Vapour pressure of chloroform $(CHCl_{3})$ and dichloromethane $(CH_{2}Cl_{2})$ at $298\,K$ are $200\,mm\,Hg$ and $415\,mm\,Hg$ respectively. $(i)$ Calculate the vapour pressure of the solution prepared by mixing $25.5\,g$ of $CHCl_{3}$ and $40\,g$ of $CH_{2}Cl_{2}$ at $298\,K$ and,$(ii)$ mole fractions of each component in vapour phase.

$(i)$ Molar mass of $CH_{2}Cl_{2} = 12 \times 1 + 1 \times 2 + 35.5 \times 2 = 85\,g\,mol^{-1}$.

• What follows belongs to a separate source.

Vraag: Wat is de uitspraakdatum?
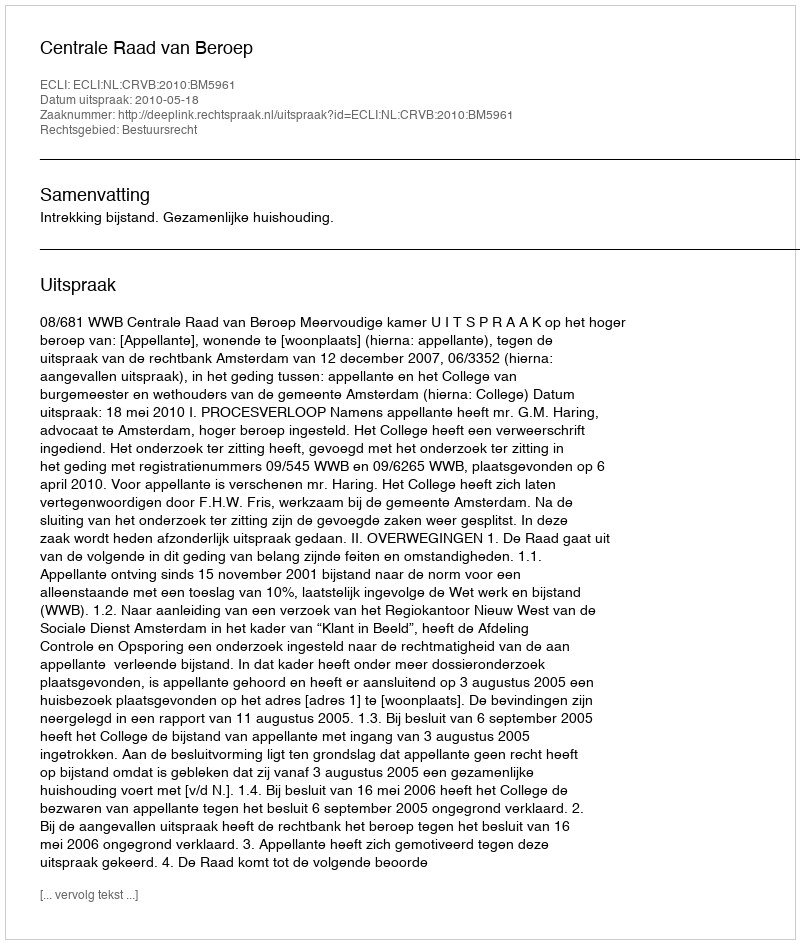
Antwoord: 2010-05-18

Molar mass of $CHCl_{3} = 12 \times 1 + 1 \times 1 + 35.5 \times 3 = 119.5\,g\,mol^{-1}$.
Moles of $CH_{2}Cl_{2} = \frac{40\,g}{85\,g\,mol^{-1}} = 0.47\,mol$.

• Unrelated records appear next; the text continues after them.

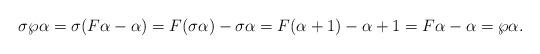
LaTeX: \begin{align*}\sigma \wp \alpha = \sigma (F \alpha - \alpha) = F( \sigma \alpha) - \sigma \alpha=F(\alpha+1)-\alpha+1 = F \alpha - \alpha = \wp \alpha.\end{align*}
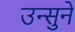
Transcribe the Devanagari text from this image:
उन्सुने
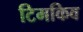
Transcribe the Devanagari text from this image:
टिमकिव
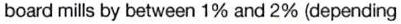
board mills by between 1% and 2% (depending
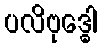
ပလိဗုဒ္ဓေါ

Moles of $CHCl_{3} = \frac{25.5\,g}{119.5\,g\,mol^{-1}} = 0.213\,mol$.
Total number of moles $= 0.47 + 0.213 = 0.683\,mol$.
$x_{CH_{2}Cl_{2}} = \frac{0.47\,mol}{0.683\,mol} = 0.688$.

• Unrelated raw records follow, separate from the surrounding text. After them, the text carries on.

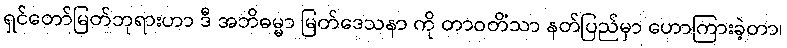
ရှင်တော်မြတ်ဘုရားဟာ ဒီ အဘိဓမ္မာ မြတ်ဒေသနာ ကို တာဝတိံသာ နတ်ပြည်မှာ ဟောကြားခဲ့တာ၊
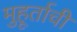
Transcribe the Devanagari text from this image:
मुहूर्ताची
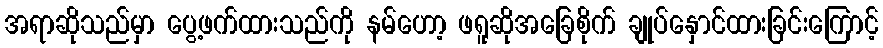
အရာဆိုသည်မှာ ပွေ့ဖက်ထားသည်ကို နမ်ဟော့ ဖရူဆိုအခြေစိုက် ချုပ်နှောင်ထားခြင်းကြောင့်
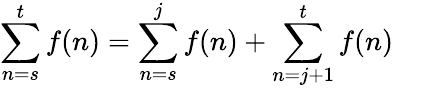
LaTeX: \sum_{n=s}^{t}f(n)=\sum_{n=s}^{j}f(n)+\sum_{n=j+1}^{t}f(n)\quad
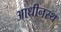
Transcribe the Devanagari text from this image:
आधीनस्थ
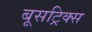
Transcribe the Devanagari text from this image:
बूसट्रिक्स
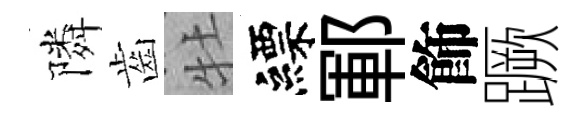
隣齒牡縹鄆飾蹶
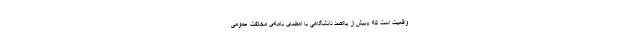
واقعیت است که «بیش از یکصد دانشگاهی با امضای نامه‌ای مخالفت عمومی
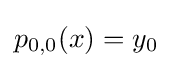
p_{0,0}(x)=y_{0}
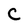
Character: C
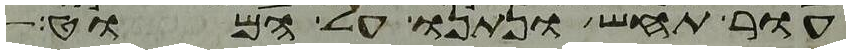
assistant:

$x_{CHCl_{3}} = 1.00 - 0.688 = 0.312$.
$P_{\text{total}} = P_{CH_{2}Cl_{2}}^{0} \times x_{CH_{2}Cl_{2}} + P_{CHCl_{3}}^{0} \times x_{CHCl_{3}} = 415 \times 0.688 + 200 \times 0.312 = 285.52 + 62.4 = 347.92\,mm\,Hg$.
$(ii)$ Mole fraction in vapour phase $(y_i = P_i / P_{\text{total}})$.
$y_{CH_{2}Cl_{2}} = \frac{285.52}{347.92} = 0.82$.
$y_{CHCl_{3}} = \frac{62.4}{347.92} = 0.18$.